__Material for the task__.
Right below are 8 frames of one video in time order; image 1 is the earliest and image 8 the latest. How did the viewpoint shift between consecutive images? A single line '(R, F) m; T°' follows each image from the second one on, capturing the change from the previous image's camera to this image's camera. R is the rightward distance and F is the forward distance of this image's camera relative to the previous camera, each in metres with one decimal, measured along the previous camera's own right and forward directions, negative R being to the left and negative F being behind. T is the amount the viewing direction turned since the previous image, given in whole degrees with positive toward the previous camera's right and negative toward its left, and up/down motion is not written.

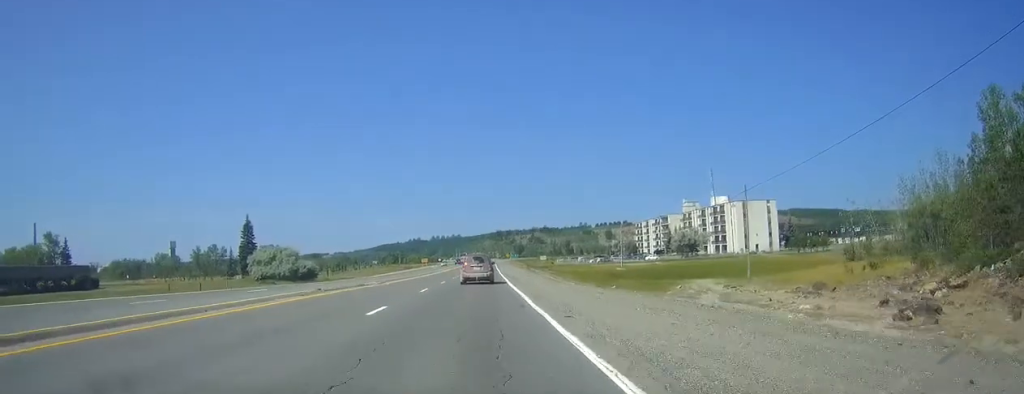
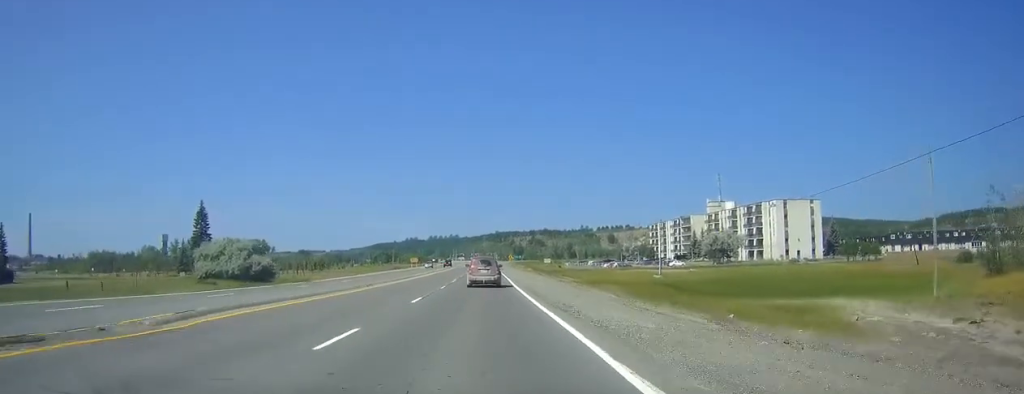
(0.0, +30.1) m; 0°
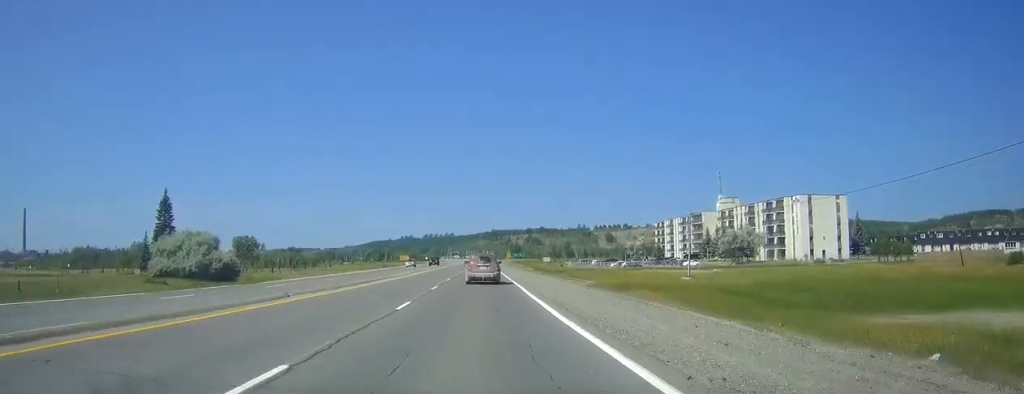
(+0.1, +16.6) m; +1°
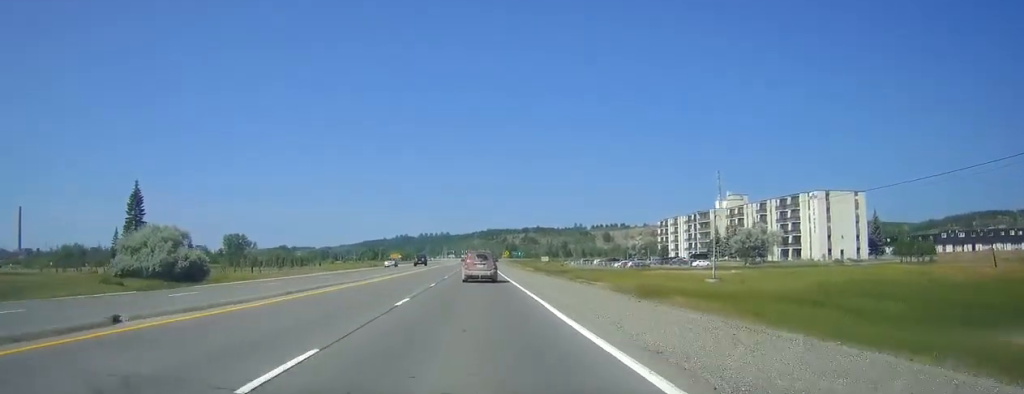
(+0.1, +11.1) m; 0°
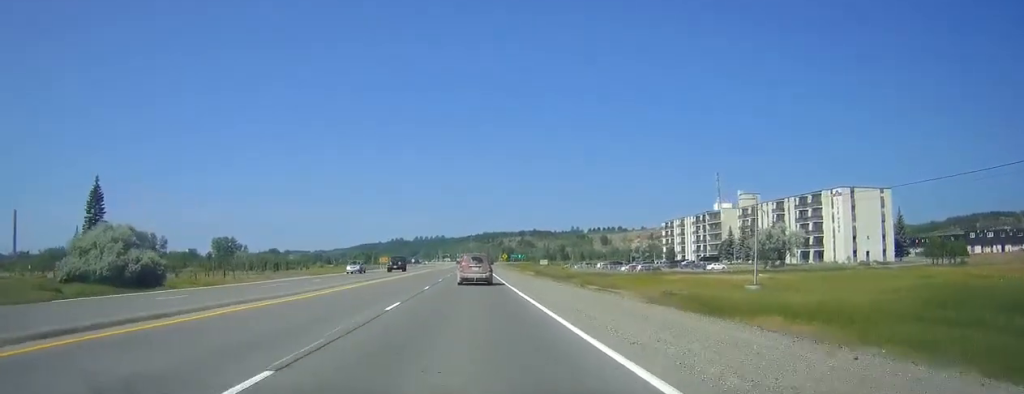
(0.0, +13.4) m; 0°
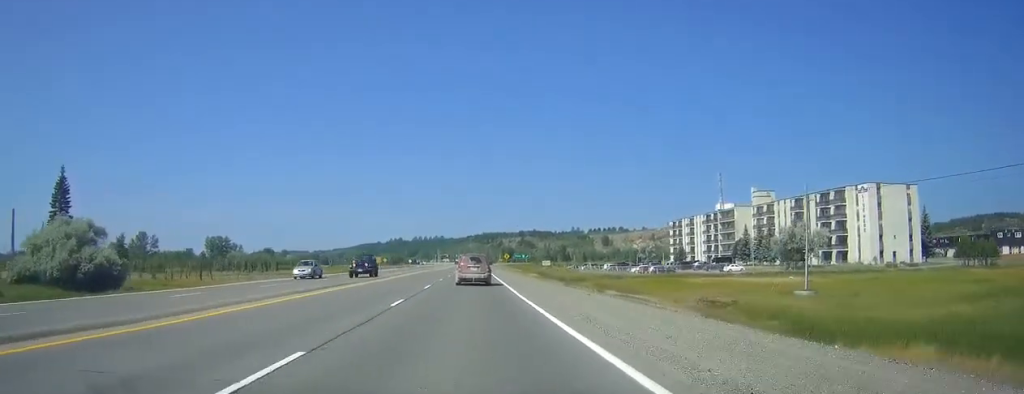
(+0.1, +11.0) m; 0°
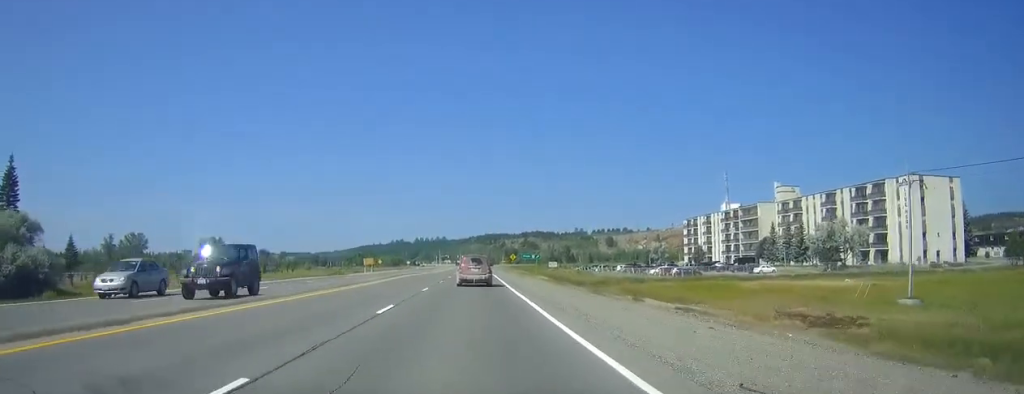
(0.0, +14.9) m; 0°
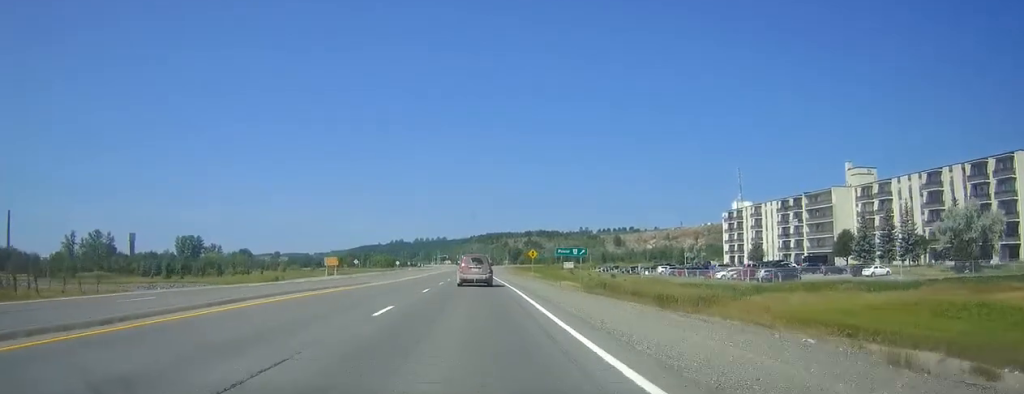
(+0.1, +38.2) m; 0°
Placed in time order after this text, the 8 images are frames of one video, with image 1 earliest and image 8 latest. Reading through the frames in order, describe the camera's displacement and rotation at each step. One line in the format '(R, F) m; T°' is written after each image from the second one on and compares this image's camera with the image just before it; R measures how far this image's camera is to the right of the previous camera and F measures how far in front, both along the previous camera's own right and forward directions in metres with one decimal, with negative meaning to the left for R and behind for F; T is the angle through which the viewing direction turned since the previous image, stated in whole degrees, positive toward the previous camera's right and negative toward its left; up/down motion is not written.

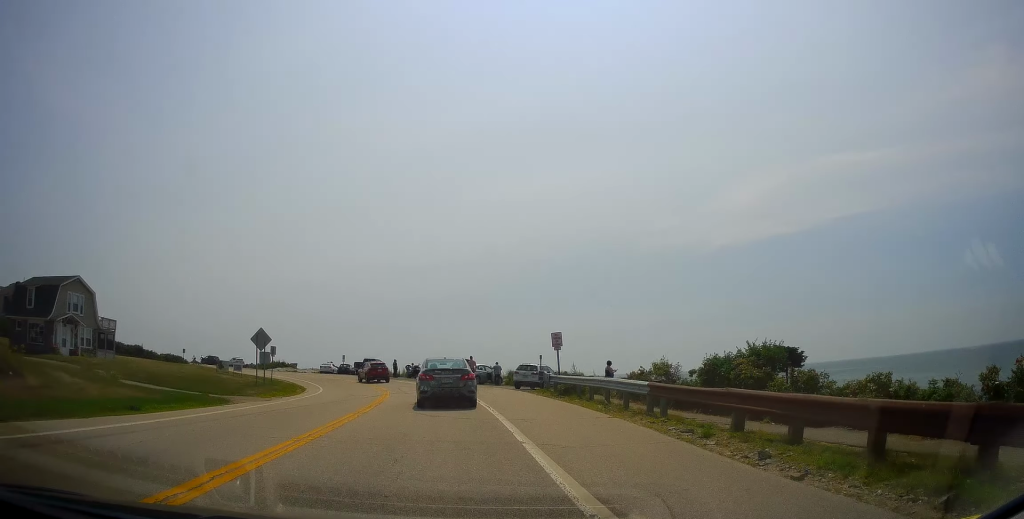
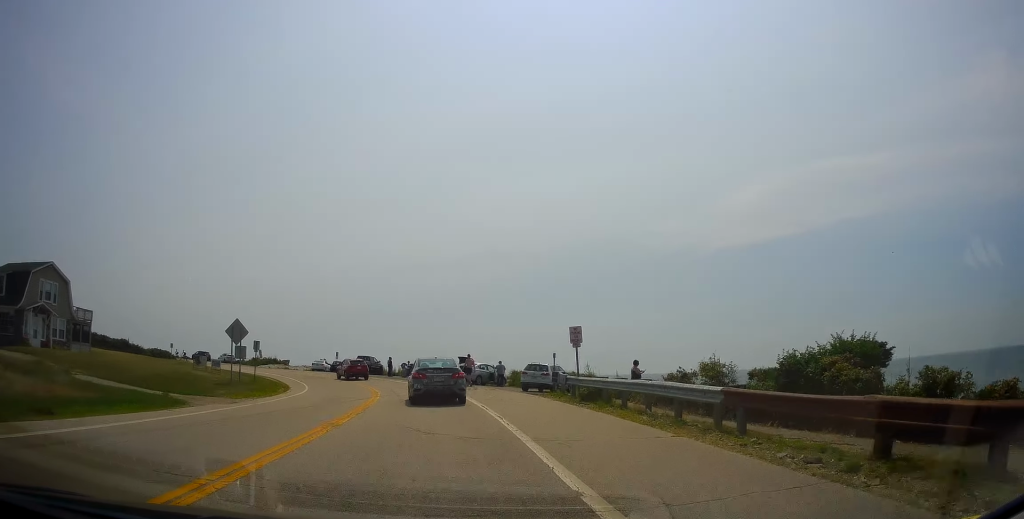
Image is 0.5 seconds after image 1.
(-0.1, +3.9) m; +2°
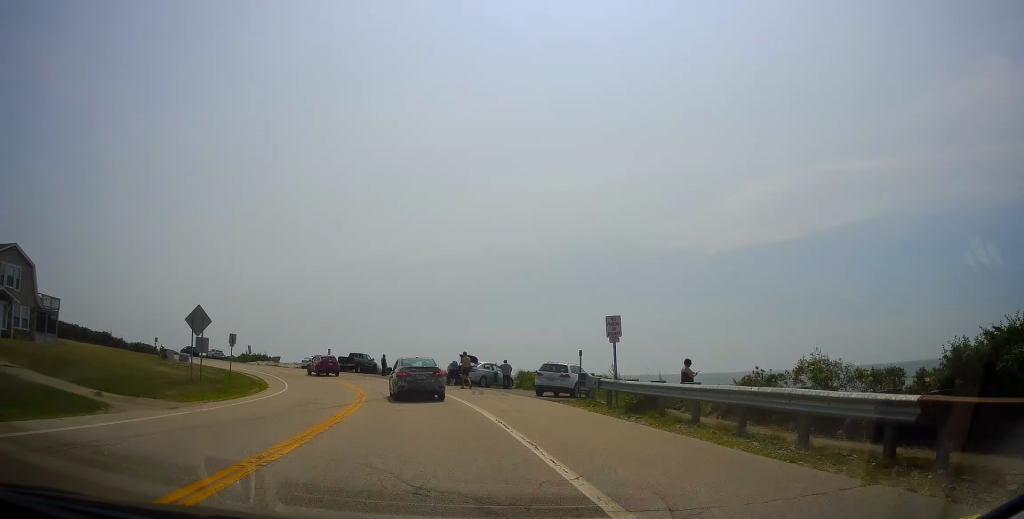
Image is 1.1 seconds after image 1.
(-0.2, +5.0) m; +2°
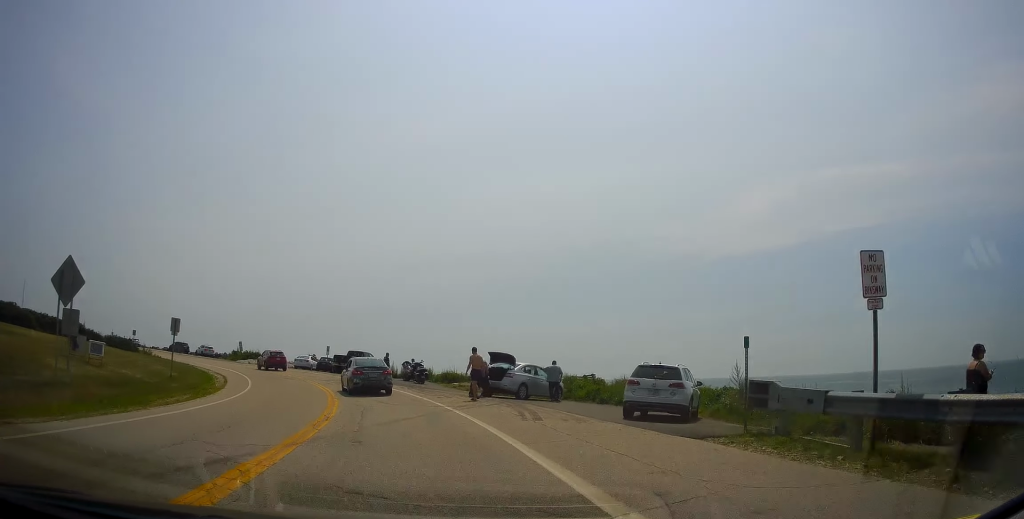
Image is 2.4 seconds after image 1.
(0.0, +10.9) m; -9°
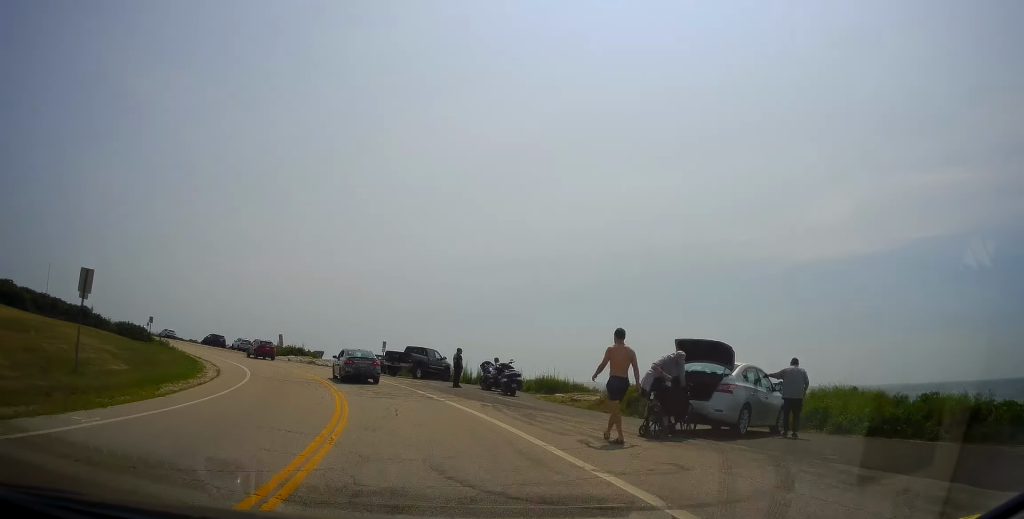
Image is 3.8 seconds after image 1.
(-1.6, +12.6) m; -9°
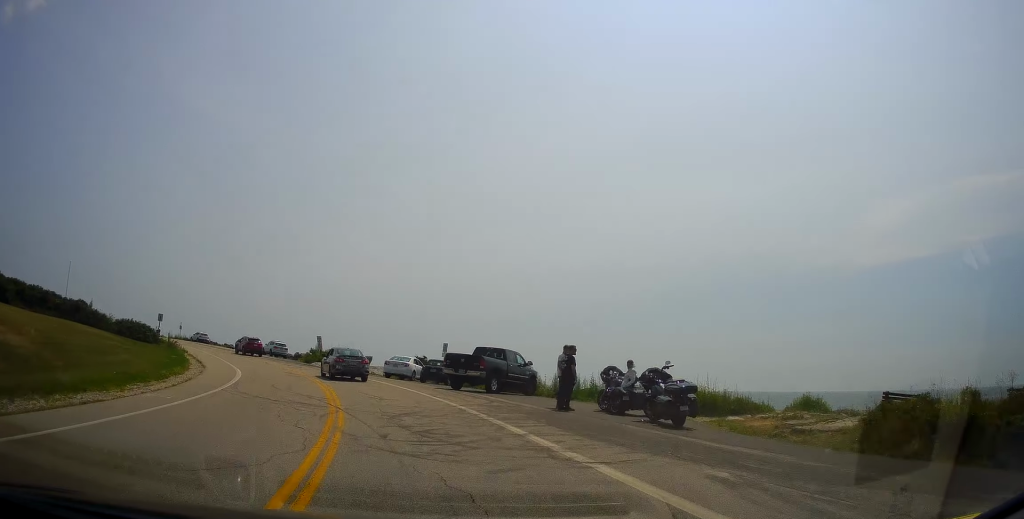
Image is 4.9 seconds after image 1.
(-0.2, +11.5) m; -4°
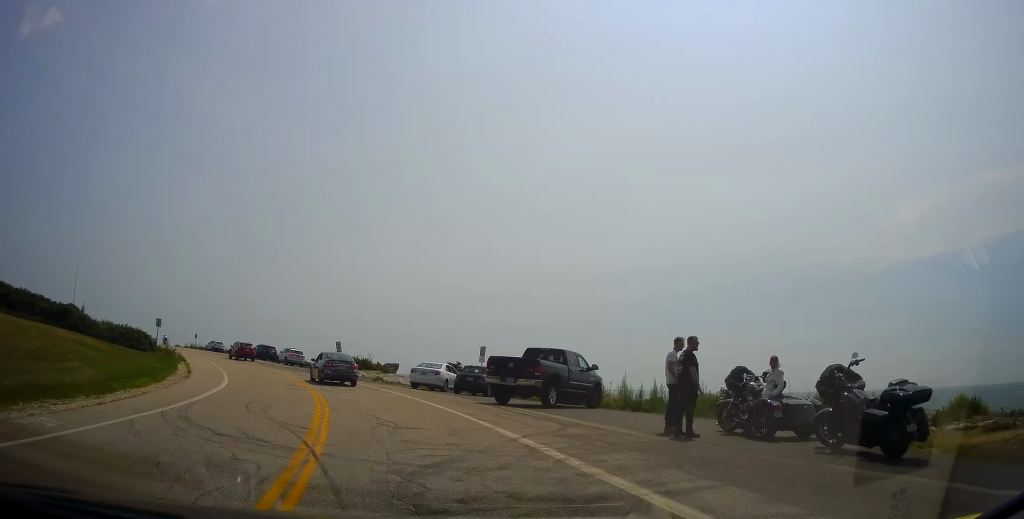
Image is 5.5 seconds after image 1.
(-0.2, +6.1) m; -6°
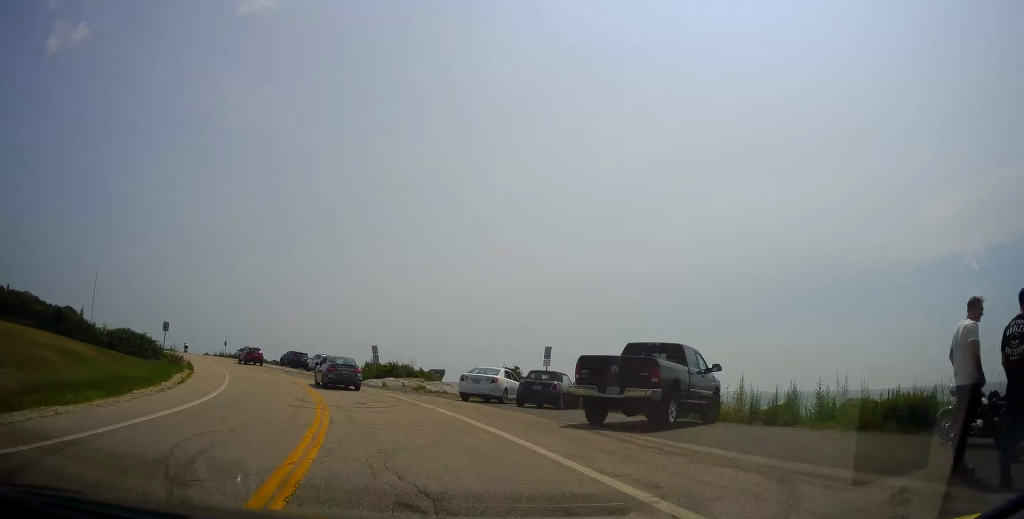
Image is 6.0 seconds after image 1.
(+0.2, +6.2) m; -6°
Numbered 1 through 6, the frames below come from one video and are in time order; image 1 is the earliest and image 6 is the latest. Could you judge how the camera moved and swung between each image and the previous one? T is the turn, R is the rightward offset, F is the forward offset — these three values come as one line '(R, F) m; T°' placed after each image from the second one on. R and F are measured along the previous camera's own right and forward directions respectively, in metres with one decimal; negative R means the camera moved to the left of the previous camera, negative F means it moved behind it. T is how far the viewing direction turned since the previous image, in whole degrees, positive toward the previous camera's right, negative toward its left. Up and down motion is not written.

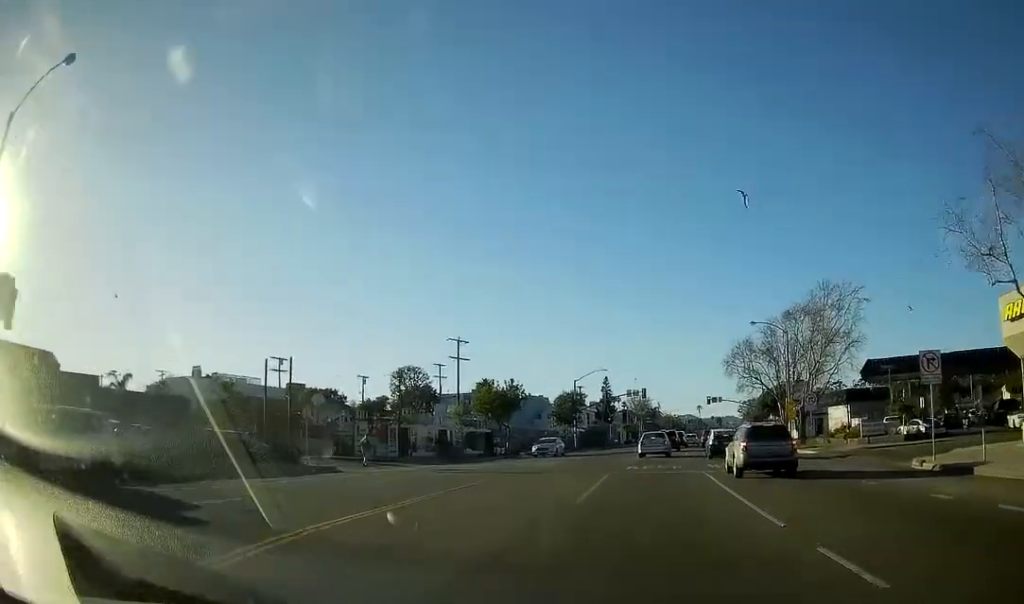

__Task prompt__.
Each line of the data should be quoted exactly, with pictures left out.

__Answer section__.
Right below are 8 frames of one video in time order; image 1 is the earliest and image 8 the latest. How did the viewpoint shift between consecutive images? A single line '(R, F) m; T°' follows each image from the second one on, capturing the change from the previous image's camera to this image's camera. R is the rightward distance and F is the forward distance of this image's camera relative to the previous camera, each in metres with one decimal, measured along the previous camera's own right and forward directions, negative R being to the left and negative F being behind. T is the amount the viewing direction turned since the previous image, given in whole degrees with positive toward the previous camera's right and negative toward its left, and up/down motion is not written.

(0.0, +30.1) m; 0°
(+0.1, +16.6) m; +1°
(+0.1, +11.1) m; 0°
(0.0, +13.4) m; 0°
(+0.1, +11.0) m; 0°
(0.0, +14.9) m; 0°
(+0.1, +38.2) m; 0°
Placed in time order after this text, the 8 images are frames of one video, with image 1 earliest and image 8 latest. Reading through the frames in order, describe the camera's displacement and rotation at each step. One line in the format '(R, F) m; T°' is written after each image from the second one on and compares this image's camera with the image just before it; R measures how far this image's camera is to the right of the previous camera and F measures how far in front, both along the previous camera's own right and forward directions in metres with one decimal, with negative meaning to the left for R and behind for F; T is the angle through which the viewing direction turned since the previous image, stated in whole degrees, positive toward the previous camera's right and negative toward its left; up/down motion is not written.

Image is 0.5 seconds after image 1.
(-0.1, +3.9) m; +2°
Image is 1.1 seconds after image 1.
(-0.2, +5.0) m; +2°
Image is 2.4 seconds after image 1.
(0.0, +10.9) m; -9°
Image is 3.8 seconds after image 1.
(-1.6, +12.6) m; -9°
Image is 4.9 seconds after image 1.
(-0.2, +11.5) m; -4°
Image is 5.5 seconds after image 1.
(-0.2, +6.1) m; -6°
Image is 6.0 seconds after image 1.
(+0.2, +6.2) m; -6°
Numbered 1 through 6, the frames below come from one video and are in time order; image 1 is the earliest and image 6 is the latest. Could you judge how the camera moved and swung between each image and the previous one? T is the turn, R is the rightward offset, F is the forward offset — these three values come as one line '(R, F) m; T°' placed after each image from the second one on. R and F are measured along the previous camera's own right and forward directions respectively, in metres with one decimal; negative R means the camera moved to the left of the previous camera, negative F means it moved behind it. T is how far the viewing direction turned since the previous image, in whole degrees, positive toward the previous camera's right, negative toward its left. Up and down motion is not written.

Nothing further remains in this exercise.